Now for the question that everyone is asking: how difficult is it to get in? The stigma is that it is hardly difficult at all. The reason why I am addressing this issue is that there remains a portion of people in the medical community who believe that Pepsi will never be as good as Coke. That view however is far from the truth. First, the facts. For osteopathic medical schools, the entering class of 2010 demonstrated an average science GPA of 3.32, an average overall GPA of 3.43, and an average MCAT composite score of 25.63. The allopathic numbers for the same year was a average science GPA of 3.6, an average overall GPA of 3.66, and an average MCAT composite score of 30.8. This gap seems to be closing as the years pass.

Although this data seems to validate the stigma to a degree, it does not tell the entire story. Firstly, there are a number of DO schools, such as Des Moines University, Ohio University, and A.T. Kirksville, that expect numbers close to if not above the allopathic average. Secondly, osteopathic medical schools have historically considered applicants on a well rounded basis, stressing the importance of volunteering and shadowing in order to clearly illustrate one’s commitment to osteopathic principles.
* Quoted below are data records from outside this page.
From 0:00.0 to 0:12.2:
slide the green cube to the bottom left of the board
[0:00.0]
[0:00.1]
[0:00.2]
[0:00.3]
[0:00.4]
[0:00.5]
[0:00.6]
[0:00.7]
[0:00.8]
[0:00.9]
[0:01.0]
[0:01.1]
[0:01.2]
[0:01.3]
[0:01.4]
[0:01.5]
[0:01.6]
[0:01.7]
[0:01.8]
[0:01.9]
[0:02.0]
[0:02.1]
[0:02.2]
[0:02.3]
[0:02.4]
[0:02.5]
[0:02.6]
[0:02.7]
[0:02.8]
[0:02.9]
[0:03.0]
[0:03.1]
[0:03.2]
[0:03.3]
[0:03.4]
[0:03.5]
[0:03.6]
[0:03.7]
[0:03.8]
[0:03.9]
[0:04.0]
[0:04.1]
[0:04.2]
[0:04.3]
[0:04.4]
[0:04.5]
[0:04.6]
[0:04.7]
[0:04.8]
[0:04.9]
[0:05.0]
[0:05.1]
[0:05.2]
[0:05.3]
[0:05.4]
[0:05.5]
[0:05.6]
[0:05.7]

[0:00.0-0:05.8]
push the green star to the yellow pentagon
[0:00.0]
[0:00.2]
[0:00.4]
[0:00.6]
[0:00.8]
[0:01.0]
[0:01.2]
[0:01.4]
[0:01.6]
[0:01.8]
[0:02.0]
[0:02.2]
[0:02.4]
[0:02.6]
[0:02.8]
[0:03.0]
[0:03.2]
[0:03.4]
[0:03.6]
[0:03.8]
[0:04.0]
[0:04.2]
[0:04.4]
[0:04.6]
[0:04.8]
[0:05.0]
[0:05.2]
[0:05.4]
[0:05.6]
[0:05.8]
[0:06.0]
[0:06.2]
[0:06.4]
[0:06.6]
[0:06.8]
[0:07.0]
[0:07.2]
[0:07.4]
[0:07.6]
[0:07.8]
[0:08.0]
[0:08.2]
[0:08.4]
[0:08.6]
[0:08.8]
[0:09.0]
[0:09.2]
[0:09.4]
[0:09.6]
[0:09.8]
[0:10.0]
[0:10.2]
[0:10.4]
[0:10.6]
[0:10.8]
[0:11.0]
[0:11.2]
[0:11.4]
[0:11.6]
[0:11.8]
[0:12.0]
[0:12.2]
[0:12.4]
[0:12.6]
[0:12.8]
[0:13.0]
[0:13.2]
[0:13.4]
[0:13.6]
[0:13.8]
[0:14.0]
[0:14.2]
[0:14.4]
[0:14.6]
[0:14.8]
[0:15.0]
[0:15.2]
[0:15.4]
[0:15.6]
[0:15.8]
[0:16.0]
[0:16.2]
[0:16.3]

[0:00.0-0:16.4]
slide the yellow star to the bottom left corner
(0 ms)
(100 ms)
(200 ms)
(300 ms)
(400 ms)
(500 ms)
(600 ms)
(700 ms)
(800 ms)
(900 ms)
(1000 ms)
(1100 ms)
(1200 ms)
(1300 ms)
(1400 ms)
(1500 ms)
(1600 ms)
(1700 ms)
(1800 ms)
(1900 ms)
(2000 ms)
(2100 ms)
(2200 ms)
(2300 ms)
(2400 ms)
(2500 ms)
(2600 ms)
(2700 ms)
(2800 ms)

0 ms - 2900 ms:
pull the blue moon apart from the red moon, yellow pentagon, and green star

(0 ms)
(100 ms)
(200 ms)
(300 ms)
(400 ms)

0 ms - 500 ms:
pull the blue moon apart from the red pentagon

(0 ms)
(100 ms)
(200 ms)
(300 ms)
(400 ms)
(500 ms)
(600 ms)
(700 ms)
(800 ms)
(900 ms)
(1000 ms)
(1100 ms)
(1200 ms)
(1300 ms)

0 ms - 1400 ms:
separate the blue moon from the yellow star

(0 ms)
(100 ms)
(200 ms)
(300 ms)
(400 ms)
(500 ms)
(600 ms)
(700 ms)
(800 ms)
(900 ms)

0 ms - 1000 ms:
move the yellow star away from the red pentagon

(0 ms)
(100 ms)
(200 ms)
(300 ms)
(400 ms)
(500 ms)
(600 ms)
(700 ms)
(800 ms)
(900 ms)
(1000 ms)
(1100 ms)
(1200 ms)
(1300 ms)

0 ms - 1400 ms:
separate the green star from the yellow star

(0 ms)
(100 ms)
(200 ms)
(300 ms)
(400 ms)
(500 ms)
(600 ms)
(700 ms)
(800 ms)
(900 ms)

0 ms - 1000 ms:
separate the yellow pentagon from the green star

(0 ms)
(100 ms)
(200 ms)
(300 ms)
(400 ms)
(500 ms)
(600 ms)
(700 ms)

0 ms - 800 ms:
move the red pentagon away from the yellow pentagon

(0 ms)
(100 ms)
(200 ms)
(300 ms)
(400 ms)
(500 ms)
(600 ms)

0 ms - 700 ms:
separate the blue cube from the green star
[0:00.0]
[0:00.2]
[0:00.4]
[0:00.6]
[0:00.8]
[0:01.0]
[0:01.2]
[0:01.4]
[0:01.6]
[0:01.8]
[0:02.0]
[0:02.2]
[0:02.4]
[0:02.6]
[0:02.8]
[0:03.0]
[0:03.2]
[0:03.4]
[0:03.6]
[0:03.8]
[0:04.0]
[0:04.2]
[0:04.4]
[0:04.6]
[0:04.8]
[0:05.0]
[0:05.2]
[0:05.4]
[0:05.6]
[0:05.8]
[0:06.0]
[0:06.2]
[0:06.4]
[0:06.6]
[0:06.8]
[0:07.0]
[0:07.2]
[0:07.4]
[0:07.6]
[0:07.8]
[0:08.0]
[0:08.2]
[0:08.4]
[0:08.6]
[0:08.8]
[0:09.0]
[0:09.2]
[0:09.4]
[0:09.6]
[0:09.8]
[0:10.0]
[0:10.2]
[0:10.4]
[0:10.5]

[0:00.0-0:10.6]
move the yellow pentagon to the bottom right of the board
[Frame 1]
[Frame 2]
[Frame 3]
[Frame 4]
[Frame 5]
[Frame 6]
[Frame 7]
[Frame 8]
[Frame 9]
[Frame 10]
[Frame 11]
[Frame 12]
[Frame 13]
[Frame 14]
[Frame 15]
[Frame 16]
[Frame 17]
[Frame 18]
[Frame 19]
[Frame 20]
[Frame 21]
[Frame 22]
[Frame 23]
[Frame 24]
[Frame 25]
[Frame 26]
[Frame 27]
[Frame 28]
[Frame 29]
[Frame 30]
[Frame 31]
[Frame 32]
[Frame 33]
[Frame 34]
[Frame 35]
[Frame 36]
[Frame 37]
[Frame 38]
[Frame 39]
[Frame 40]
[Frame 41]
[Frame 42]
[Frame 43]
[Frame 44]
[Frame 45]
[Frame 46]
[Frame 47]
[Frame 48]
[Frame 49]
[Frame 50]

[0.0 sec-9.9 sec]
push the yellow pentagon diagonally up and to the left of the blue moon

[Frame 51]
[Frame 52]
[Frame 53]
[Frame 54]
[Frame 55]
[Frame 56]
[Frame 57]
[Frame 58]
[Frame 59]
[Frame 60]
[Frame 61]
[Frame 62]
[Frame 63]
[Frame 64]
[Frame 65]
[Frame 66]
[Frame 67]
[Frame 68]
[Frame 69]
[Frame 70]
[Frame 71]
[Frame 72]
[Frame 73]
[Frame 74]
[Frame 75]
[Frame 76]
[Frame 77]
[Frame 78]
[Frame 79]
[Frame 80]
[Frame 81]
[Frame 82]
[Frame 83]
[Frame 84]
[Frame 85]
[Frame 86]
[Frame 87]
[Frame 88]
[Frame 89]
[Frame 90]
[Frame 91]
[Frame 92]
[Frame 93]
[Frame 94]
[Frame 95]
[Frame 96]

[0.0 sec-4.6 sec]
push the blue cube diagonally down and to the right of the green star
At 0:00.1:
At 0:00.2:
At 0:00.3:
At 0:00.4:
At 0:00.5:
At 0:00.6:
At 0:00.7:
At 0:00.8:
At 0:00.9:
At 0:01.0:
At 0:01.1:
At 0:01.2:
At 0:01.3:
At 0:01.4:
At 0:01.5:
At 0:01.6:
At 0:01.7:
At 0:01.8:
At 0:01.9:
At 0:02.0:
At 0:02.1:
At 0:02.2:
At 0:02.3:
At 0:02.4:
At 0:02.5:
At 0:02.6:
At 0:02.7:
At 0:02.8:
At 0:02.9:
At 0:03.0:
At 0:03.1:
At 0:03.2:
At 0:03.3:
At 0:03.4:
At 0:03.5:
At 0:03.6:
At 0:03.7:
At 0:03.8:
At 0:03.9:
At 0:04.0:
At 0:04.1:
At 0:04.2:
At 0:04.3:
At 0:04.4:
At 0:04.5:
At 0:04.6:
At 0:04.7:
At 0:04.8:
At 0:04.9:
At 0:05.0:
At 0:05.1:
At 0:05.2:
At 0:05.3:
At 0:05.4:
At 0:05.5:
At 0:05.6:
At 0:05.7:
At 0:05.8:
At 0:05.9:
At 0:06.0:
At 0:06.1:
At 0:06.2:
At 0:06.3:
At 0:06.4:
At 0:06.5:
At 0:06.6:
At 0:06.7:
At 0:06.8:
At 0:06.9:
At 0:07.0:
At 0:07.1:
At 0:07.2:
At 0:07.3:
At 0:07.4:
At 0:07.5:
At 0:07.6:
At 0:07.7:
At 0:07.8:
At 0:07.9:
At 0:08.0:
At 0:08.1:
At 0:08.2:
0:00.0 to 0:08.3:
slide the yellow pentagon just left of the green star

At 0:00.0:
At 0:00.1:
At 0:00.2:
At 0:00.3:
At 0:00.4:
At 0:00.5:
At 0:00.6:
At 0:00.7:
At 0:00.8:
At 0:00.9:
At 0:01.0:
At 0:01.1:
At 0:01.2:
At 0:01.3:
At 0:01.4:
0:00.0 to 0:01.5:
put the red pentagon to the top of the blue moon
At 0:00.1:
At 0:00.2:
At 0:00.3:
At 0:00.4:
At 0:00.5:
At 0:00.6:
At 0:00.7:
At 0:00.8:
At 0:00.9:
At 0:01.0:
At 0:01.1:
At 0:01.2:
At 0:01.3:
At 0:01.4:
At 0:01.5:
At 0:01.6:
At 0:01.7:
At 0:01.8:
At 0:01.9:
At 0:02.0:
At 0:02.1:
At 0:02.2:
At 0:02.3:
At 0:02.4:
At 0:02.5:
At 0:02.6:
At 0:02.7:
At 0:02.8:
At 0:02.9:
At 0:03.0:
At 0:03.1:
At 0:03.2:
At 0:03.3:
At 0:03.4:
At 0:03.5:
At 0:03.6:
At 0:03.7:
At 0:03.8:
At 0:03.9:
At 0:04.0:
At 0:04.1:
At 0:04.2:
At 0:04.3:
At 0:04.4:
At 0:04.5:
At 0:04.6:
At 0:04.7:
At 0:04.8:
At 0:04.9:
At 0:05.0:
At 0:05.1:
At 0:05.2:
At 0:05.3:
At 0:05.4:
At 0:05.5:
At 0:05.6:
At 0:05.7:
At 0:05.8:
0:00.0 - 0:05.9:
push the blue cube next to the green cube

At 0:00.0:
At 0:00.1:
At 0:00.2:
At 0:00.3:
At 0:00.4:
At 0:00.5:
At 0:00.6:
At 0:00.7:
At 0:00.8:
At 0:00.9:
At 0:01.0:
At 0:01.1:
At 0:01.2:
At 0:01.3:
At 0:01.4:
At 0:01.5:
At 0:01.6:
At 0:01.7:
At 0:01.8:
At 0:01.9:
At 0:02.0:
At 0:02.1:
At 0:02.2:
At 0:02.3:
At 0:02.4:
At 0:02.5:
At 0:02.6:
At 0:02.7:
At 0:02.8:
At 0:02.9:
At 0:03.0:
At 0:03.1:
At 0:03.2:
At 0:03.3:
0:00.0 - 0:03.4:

If you have a 4.0 GPA but lack the commitment to the DO philosophy of treatment, you will never make it to an interview.

Many patients refuse to be seen by DOs because they aren’t “real” doctors. A number of others will be seen only by DOs because of their unique training. Still, many more patients could care less. Which one you choose to be your doctor is your own preference.

The differences between these two camps are minimal at best, and are decreasing with each passing year. As MD’s and DO’s collaborate more frequently as colleagues, they are finding common ground in their universal desire to heal. Just as their allopathic counterparts, osteopathic physicians are fully licensed practitioners who have the authority to work in hospitals, prescribe medicine, and do just about anything else you would expect from a licensed medical doctor. Although they stress the importance and training of primary care physicians to promote preventative care, osteopathic schools do provide the education and clinical experiences necessary for one to pursue a career in any specialty.

The only tangible difference between DO and MD schools is an extra skill set that is taught only to osteopathic students. This skill is known as Osteopathic manual manipulation, OMM. OMM is a chiropractic- like method that gives DO’s an extra tool with which to diagnose and treat. This medical technique is characterized by the manipulation of the skeletal muscular system in various ways that aids in the process of relieving muscle pain and increasing mobility. Clearly, OMM might not cure cancer, but it is an extremely important tool in the bag of medical skills that only an osteopathic physician can use in certain cases.

Although different schools offer slightly different plans of study, it should be noted that the curriculums for osteopathic and allopathic schools are nearly identical. Two years of basic biomedical sciences (gross anatomy, genetics, physiology, etc.) are followed by two years of clinical experiences and rotations. At DO schools however, another class, Osteopathic Principles and Practice, is generally added to each of the first four semesters of education.

Where to go for your medical education is perhaps the greatest decision you will have to make in your pre-medical career. The choice can be a difficult one. All physicians have gone down this road. Many of them saw in themselves a desire to practice primary care medicine, a respect for the holistic nature of a patient, and the willingness to sacrifice precious time in order to develop a close relationship to those patients. Of those students, a number of them decided to go into a DO program because that is what fit them the best in regards to their principles. When considering what medical schools to apply to in the next couple of years, I would strongly encourage you to look into osteopathic medical schools and compare them to your allopathic choices. You might find a cool refreshing Pepsi to be more your fit.